The style’s the thing. Partly influenced by Andrei Tarkovsky (who also influenced Aravindan), the restless camera work of The Fall of Otrar consists of dense layers of confusing activities and textures, usually in sepia but now and then full color, that immerse the viewer in the sheer “foreign-ness” of distant history while paradoxically rendering that alienation as immediate experience. Some of the more elaborately busy shots are reminiscent of another filmmaker named Alexei German, and that’s no coincidence. German and his wife, Svetlana Karmalita, wrote the script.

Years in the making, The Fall of Otrar is the debut feature of Amirkulov, who was part of the Kazakh New Wave of the late 1980s and ’90s that began making a splash at festivals. The cruelty and devastation it documents with such aesthetic vigor can be seen as a veiled critique of the country’s years as a Soviet satellite and as a broader comment on history as a battlefield between overweening powers that see their citizens as expendable while expecting loyalty.

The nature of this subject is inherently bleak, but film buffs will find their meat and drink in the sheer physicality of the enormous production and the sensory registry of the design, photography, and editing. If a film like this were in 3-D, it would leave the audience dead.
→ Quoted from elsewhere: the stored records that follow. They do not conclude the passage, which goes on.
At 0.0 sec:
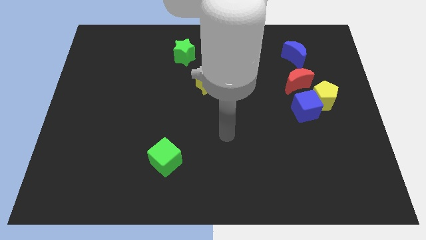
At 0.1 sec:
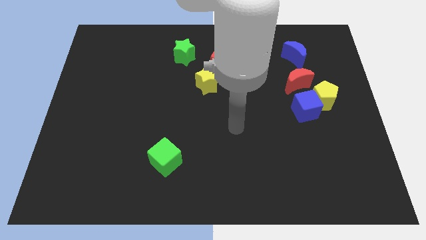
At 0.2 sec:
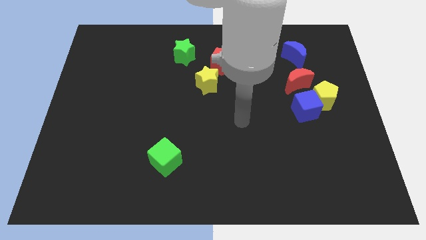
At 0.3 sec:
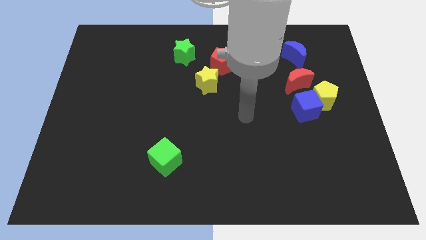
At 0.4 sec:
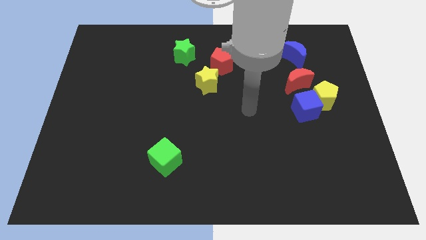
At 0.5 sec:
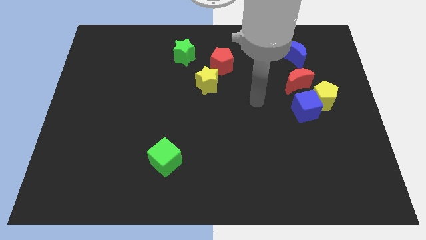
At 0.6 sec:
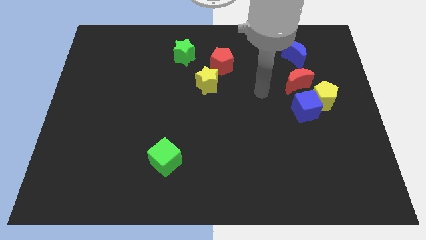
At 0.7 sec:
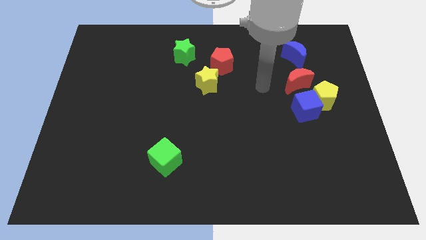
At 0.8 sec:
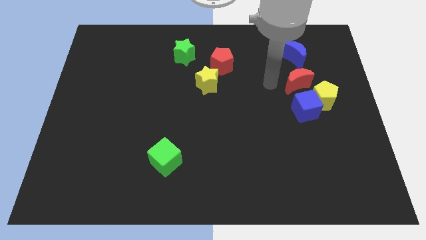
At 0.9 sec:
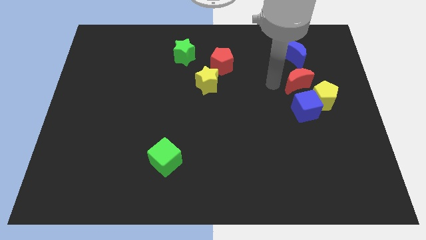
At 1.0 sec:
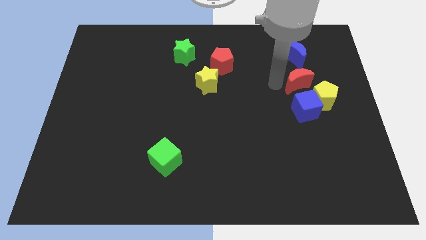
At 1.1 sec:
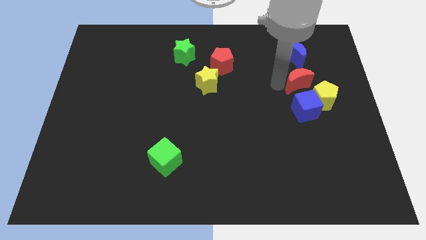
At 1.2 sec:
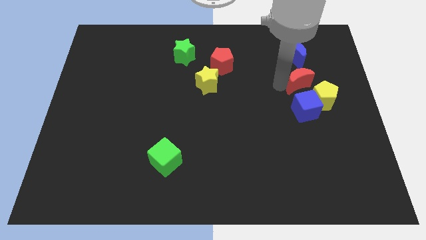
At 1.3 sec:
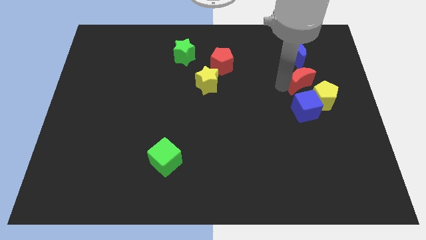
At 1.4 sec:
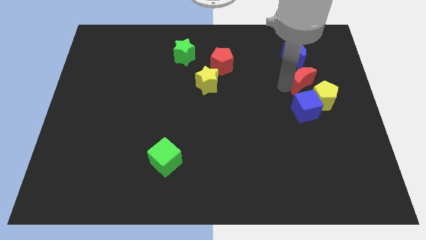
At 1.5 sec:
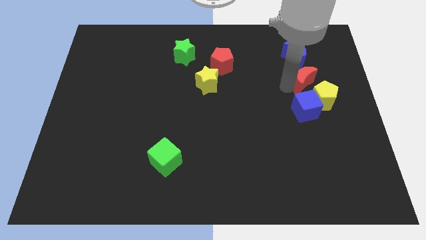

To sum up, the four features in Martin Scorsese’s World Cinema Project No. 5 are presented with the utmost care of restored sound and image. Scorsese offers a short introduction for each film, and each comes with about 20 minutes of discussion and analysis. In addition, a booklet offers very useful essays on each film’s background and reception, as well as its place in its filmmaker’s work. This is another sterling set of films that deserve the attention of world cinema fans. We eagerly await further volumes and respectfully hope the next one won’t take as long to arrive.